(Dataset entries)
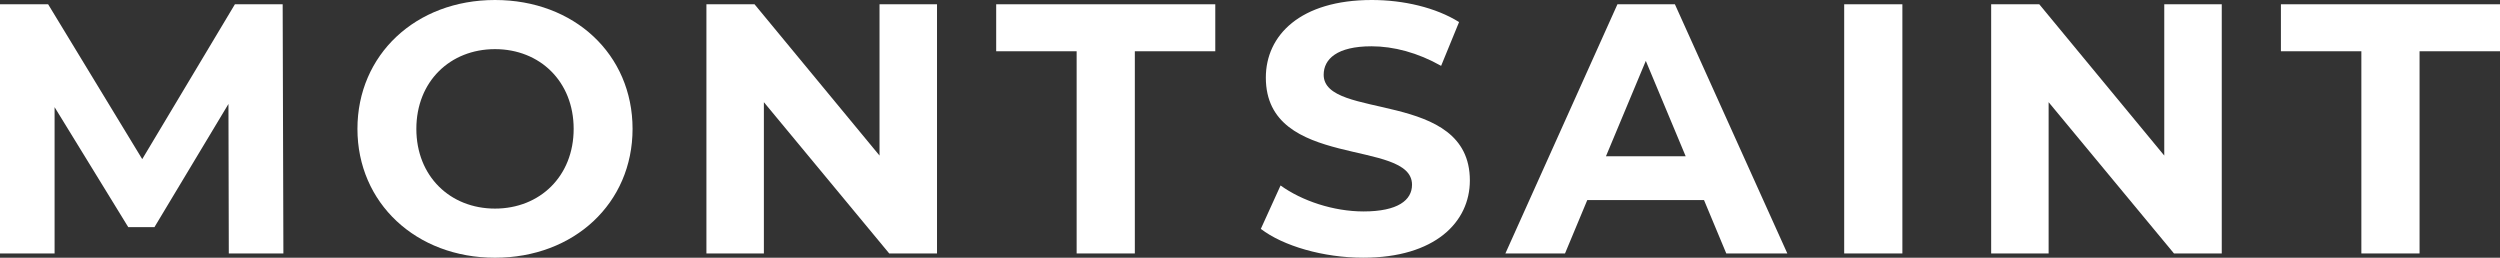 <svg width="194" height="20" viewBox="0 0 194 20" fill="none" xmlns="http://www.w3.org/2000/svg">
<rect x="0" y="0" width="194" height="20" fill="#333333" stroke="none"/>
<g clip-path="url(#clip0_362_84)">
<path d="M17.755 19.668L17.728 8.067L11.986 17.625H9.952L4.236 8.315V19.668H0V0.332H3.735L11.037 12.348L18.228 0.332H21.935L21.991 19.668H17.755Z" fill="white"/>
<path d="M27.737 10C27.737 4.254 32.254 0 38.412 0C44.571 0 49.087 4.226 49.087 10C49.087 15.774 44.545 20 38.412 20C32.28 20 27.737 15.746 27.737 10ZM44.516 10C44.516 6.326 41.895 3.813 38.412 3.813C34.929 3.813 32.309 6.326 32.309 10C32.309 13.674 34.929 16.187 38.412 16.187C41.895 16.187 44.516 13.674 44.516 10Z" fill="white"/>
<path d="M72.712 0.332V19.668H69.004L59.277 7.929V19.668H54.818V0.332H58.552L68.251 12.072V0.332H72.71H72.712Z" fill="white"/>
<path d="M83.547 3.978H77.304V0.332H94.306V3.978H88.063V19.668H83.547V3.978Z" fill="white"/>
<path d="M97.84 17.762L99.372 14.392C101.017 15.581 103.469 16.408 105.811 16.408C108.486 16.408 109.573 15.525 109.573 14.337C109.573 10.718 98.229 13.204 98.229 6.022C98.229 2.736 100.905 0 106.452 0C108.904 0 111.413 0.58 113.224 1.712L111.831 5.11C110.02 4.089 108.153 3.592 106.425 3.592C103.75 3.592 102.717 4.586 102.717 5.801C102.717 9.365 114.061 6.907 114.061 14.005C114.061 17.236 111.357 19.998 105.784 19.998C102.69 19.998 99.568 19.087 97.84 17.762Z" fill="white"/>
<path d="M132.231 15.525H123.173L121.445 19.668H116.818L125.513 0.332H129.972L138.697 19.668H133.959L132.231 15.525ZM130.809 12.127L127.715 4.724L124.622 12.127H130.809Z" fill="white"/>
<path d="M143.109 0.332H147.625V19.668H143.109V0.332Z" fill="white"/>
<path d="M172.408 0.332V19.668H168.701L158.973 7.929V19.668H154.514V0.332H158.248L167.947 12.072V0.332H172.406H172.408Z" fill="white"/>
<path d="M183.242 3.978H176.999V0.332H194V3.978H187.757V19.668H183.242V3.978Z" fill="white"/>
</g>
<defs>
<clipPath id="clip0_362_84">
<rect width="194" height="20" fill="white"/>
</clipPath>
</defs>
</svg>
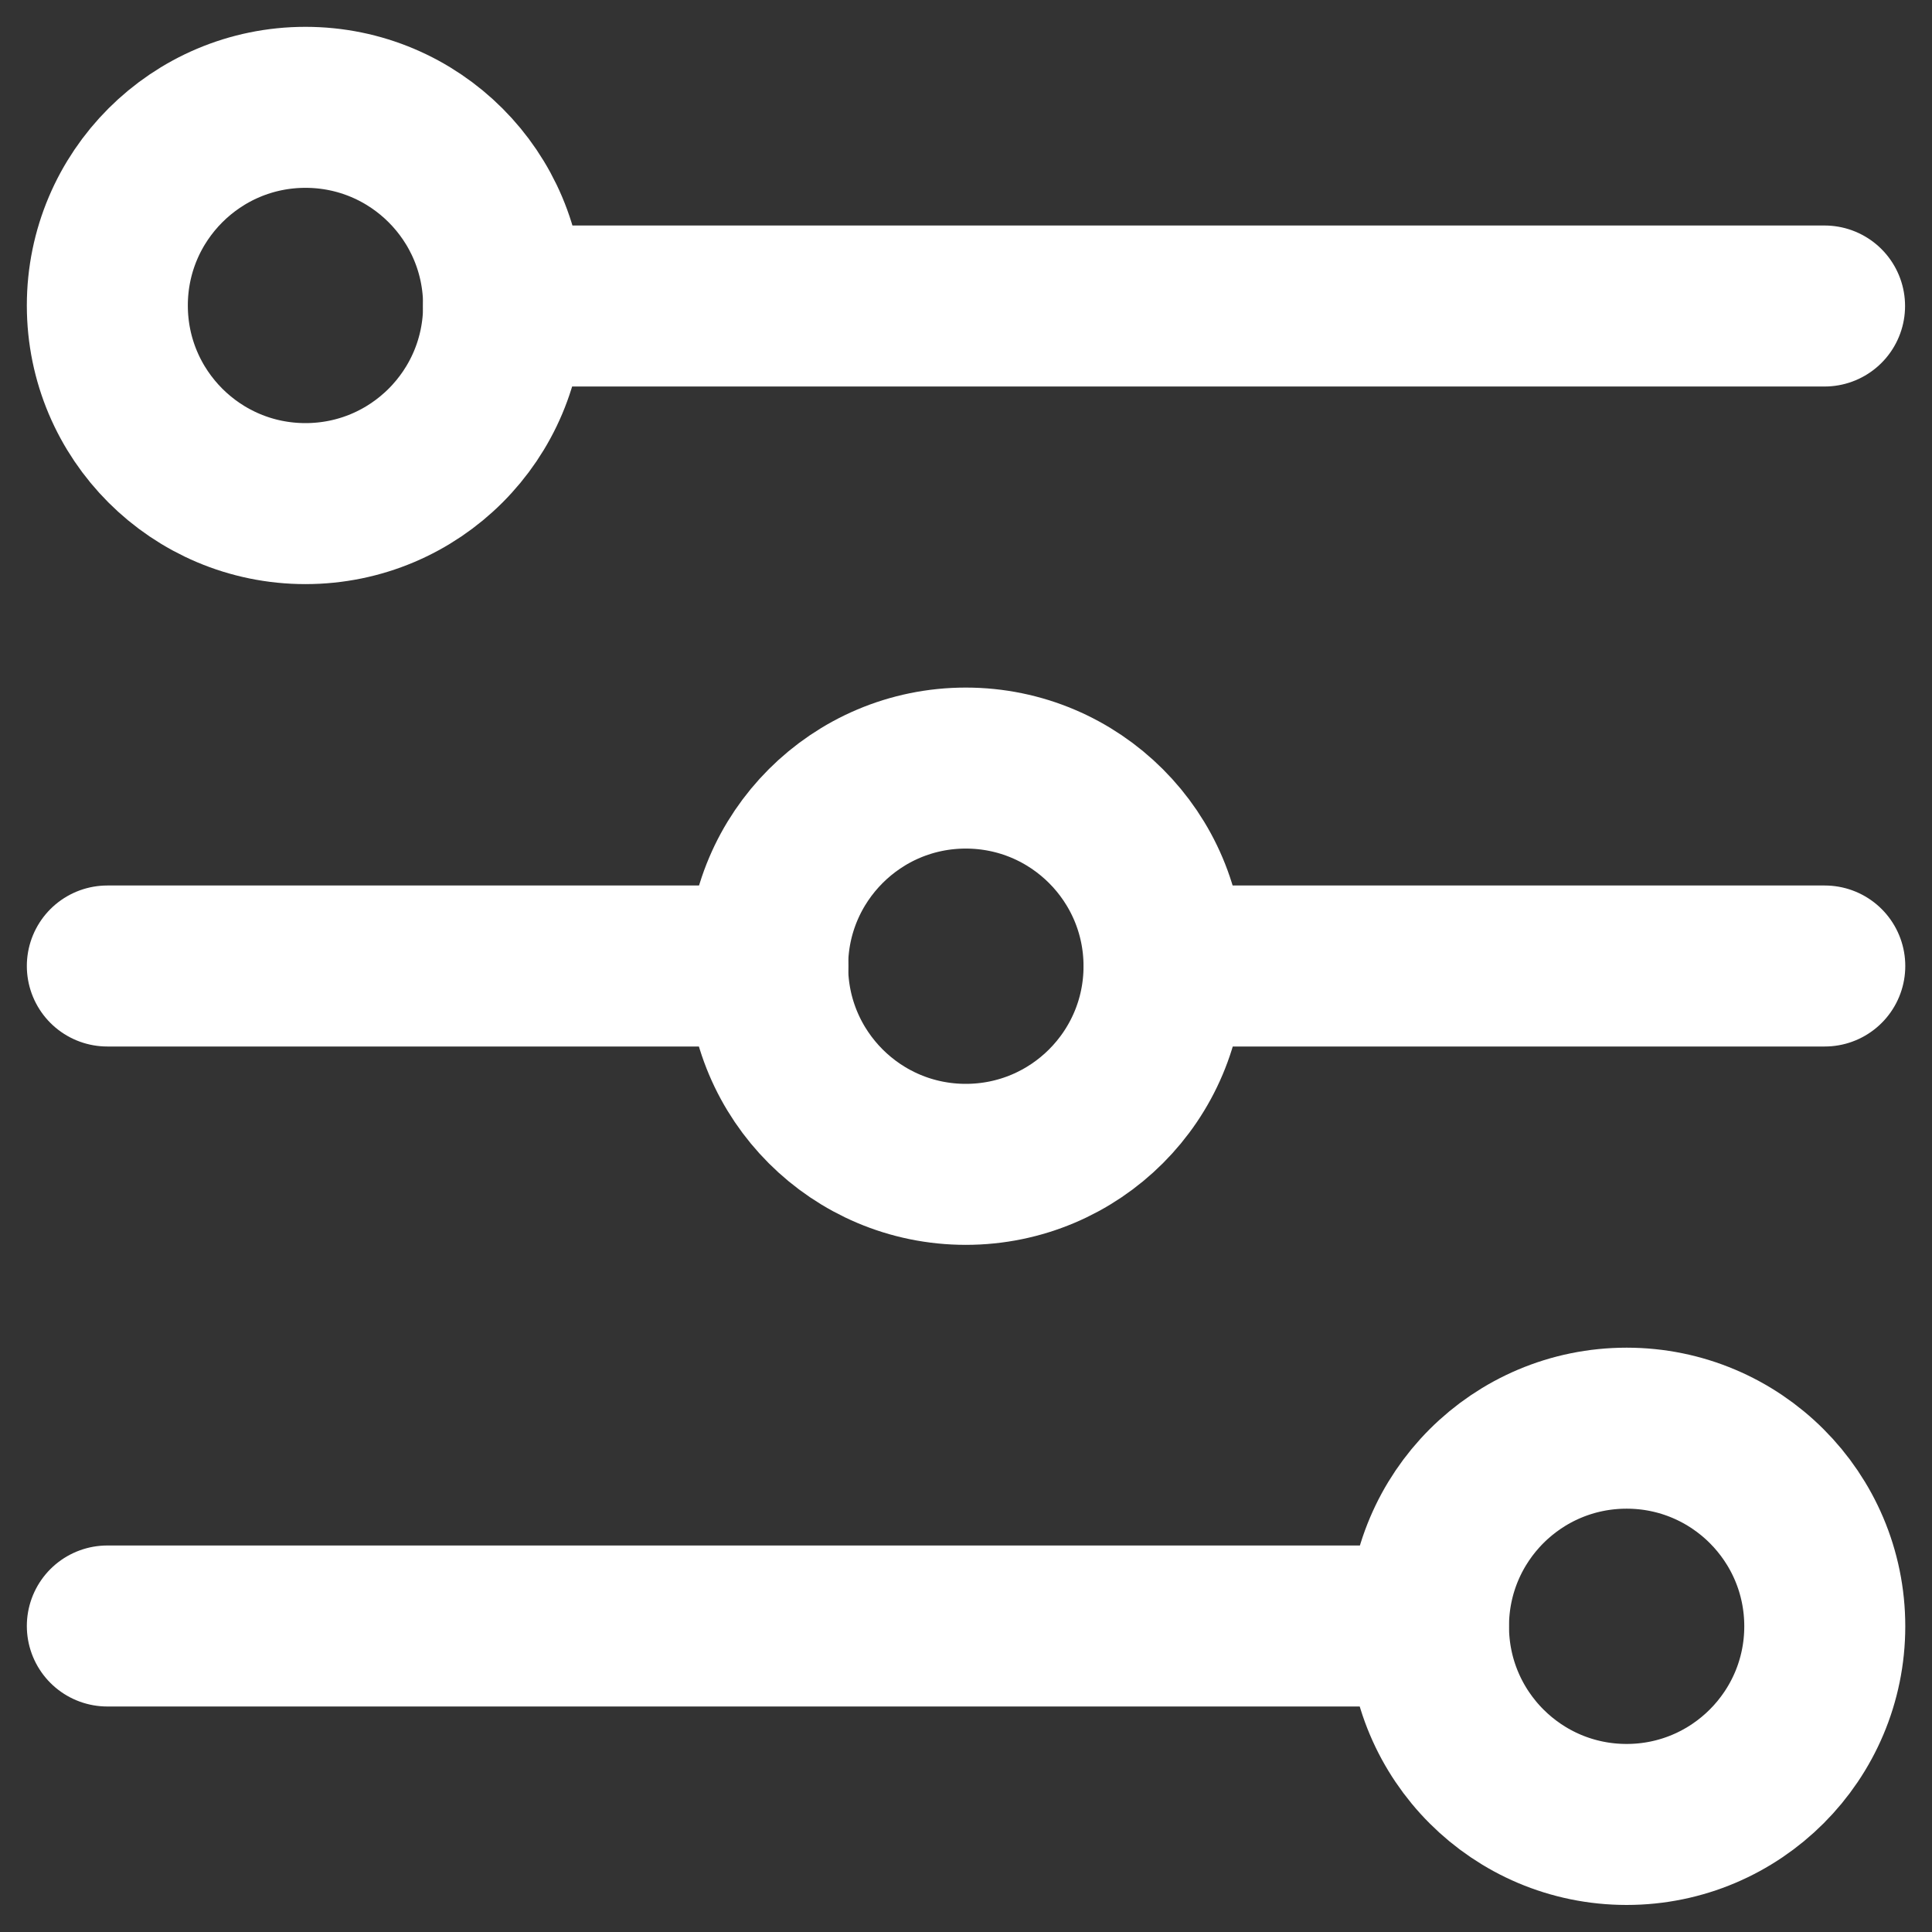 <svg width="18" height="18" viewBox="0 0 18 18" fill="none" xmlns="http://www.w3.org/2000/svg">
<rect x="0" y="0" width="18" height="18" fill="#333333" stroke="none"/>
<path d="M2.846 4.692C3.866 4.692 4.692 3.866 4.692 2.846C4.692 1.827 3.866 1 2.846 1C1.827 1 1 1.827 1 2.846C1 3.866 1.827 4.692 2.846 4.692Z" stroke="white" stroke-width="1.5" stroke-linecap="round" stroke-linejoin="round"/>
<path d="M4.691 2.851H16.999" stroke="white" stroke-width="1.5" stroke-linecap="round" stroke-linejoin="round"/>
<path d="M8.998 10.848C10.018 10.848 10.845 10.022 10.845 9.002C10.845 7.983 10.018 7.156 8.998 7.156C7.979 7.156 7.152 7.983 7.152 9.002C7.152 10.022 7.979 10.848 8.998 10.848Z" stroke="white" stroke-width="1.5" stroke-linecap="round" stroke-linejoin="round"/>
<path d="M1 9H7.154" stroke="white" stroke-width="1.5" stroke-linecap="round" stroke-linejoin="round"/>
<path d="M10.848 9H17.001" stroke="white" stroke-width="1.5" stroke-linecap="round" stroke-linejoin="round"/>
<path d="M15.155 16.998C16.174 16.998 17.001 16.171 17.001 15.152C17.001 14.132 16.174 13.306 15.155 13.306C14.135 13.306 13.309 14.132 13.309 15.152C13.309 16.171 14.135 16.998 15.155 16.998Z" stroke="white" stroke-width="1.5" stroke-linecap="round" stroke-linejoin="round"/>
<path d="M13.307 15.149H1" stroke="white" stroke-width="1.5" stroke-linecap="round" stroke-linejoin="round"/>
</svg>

WHAT IS REQUIRED: In the copy, include no pictures; transcribe every record above verbatim.

RESPONSE TO THE TASK:
 <svg width="194" height="20" viewBox="0 0 194 20" fill="none" xmlns="http://www.w3.org/2000/svg">
<rect x="0" y="0" width="194" height="20" fill="#333333" stroke="none"/>
<g clip-path="url(#clip0_362_84)">
<path d="M17.755 19.668L17.728 8.067L11.986 17.625H9.952L4.236 8.315V19.668H0V0.332H3.735L11.037 12.348L18.228 0.332H21.935L21.991 19.668H17.755Z" fill="white"/>
<path d="M27.737 10C27.737 4.254 32.254 0 38.412 0C44.571 0 49.087 4.226 49.087 10C49.087 15.774 44.545 20 38.412 20C32.28 20 27.737 15.746 27.737 10ZM44.516 10C44.516 6.326 41.895 3.813 38.412 3.813C34.929 3.813 32.309 6.326 32.309 10C32.309 13.674 34.929 16.187 38.412 16.187C41.895 16.187 44.516 13.674 44.516 10Z" fill="white"/>
<path d="M72.712 0.332V19.668H69.004L59.277 7.929V19.668H54.818V0.332H58.552L68.251 12.072V0.332H72.71H72.712Z" fill="white"/>
<path d="M83.547 3.978H77.304V0.332H94.306V3.978H88.063V19.668H83.547V3.978Z" fill="white"/>
<path d="M97.84 17.762L99.372 14.392C101.017 15.581 103.469 16.408 105.811 16.408C108.486 16.408 109.573 15.525 109.573 14.337C109.573 10.718 98.229 13.204 98.229 6.022C98.229 2.736 100.905 0 106.452 0C108.904 0 111.413 0.58 113.224 1.712L111.831 5.11C110.02 4.089 108.153 3.592 106.425 3.592C103.75 3.592 102.717 4.586 102.717 5.801C102.717 9.365 114.061 6.907 114.061 14.005C114.061 17.236 111.357 19.998 105.784 19.998C102.69 19.998 99.568 19.087 97.84 17.762Z" fill="white"/>
<path d="M132.231 15.525H123.173L121.445 19.668H116.818L125.513 0.332H129.972L138.697 19.668H133.959L132.231 15.525ZM130.809 12.127L127.715 4.724L124.622 12.127H130.809Z" fill="white"/>
<path d="M143.109 0.332H147.625V19.668H143.109V0.332Z" fill="white"/>
<path d="M172.408 0.332V19.668H168.701L158.973 7.929V19.668H154.514V0.332H158.248L167.947 12.072V0.332H172.406H172.408Z" fill="white"/>
<path d="M183.242 3.978H176.999V0.332H194V3.978H187.757V19.668H183.242V3.978Z" fill="white"/>
</g>
<defs>
<clipPath id="clip0_362_84">
<rect width="194" height="20" fill="white"/>
</clipPath>
</defs>
</svg>
 <svg width="18" height="18" viewBox="0 0 18 18" fill="none" xmlns="http://www.w3.org/2000/svg">
<rect x="0" y="0" width="18" height="18" fill="#333333" stroke="none"/>
<path d="M2.846 4.692C3.866 4.692 4.692 3.866 4.692 2.846C4.692 1.827 3.866 1 2.846 1C1.827 1 1 1.827 1 2.846C1 3.866 1.827 4.692 2.846 4.692Z" stroke="white" stroke-width="1.5" stroke-linecap="round" stroke-linejoin="round"/>
<path d="M4.691 2.851H16.999" stroke="white" stroke-width="1.5" stroke-linecap="round" stroke-linejoin="round"/>
<path d="M8.998 10.848C10.018 10.848 10.845 10.022 10.845 9.002C10.845 7.983 10.018 7.156 8.998 7.156C7.979 7.156 7.152 7.983 7.152 9.002C7.152 10.022 7.979 10.848 8.998 10.848Z" stroke="white" stroke-width="1.5" stroke-linecap="round" stroke-linejoin="round"/>
<path d="M1 9H7.154" stroke="white" stroke-width="1.5" stroke-linecap="round" stroke-linejoin="round"/>
<path d="M10.848 9H17.001" stroke="white" stroke-width="1.5" stroke-linecap="round" stroke-linejoin="round"/>
<path d="M15.155 16.998C16.174 16.998 17.001 16.171 17.001 15.152C17.001 14.132 16.174 13.306 15.155 13.306C14.135 13.306 13.309 14.132 13.309 15.152C13.309 16.171 14.135 16.998 15.155 16.998Z" stroke="white" stroke-width="1.5" stroke-linecap="round" stroke-linejoin="round"/>
<path d="M13.307 15.149H1" stroke="white" stroke-width="1.5" stroke-linecap="round" stroke-linejoin="round"/>
</svg>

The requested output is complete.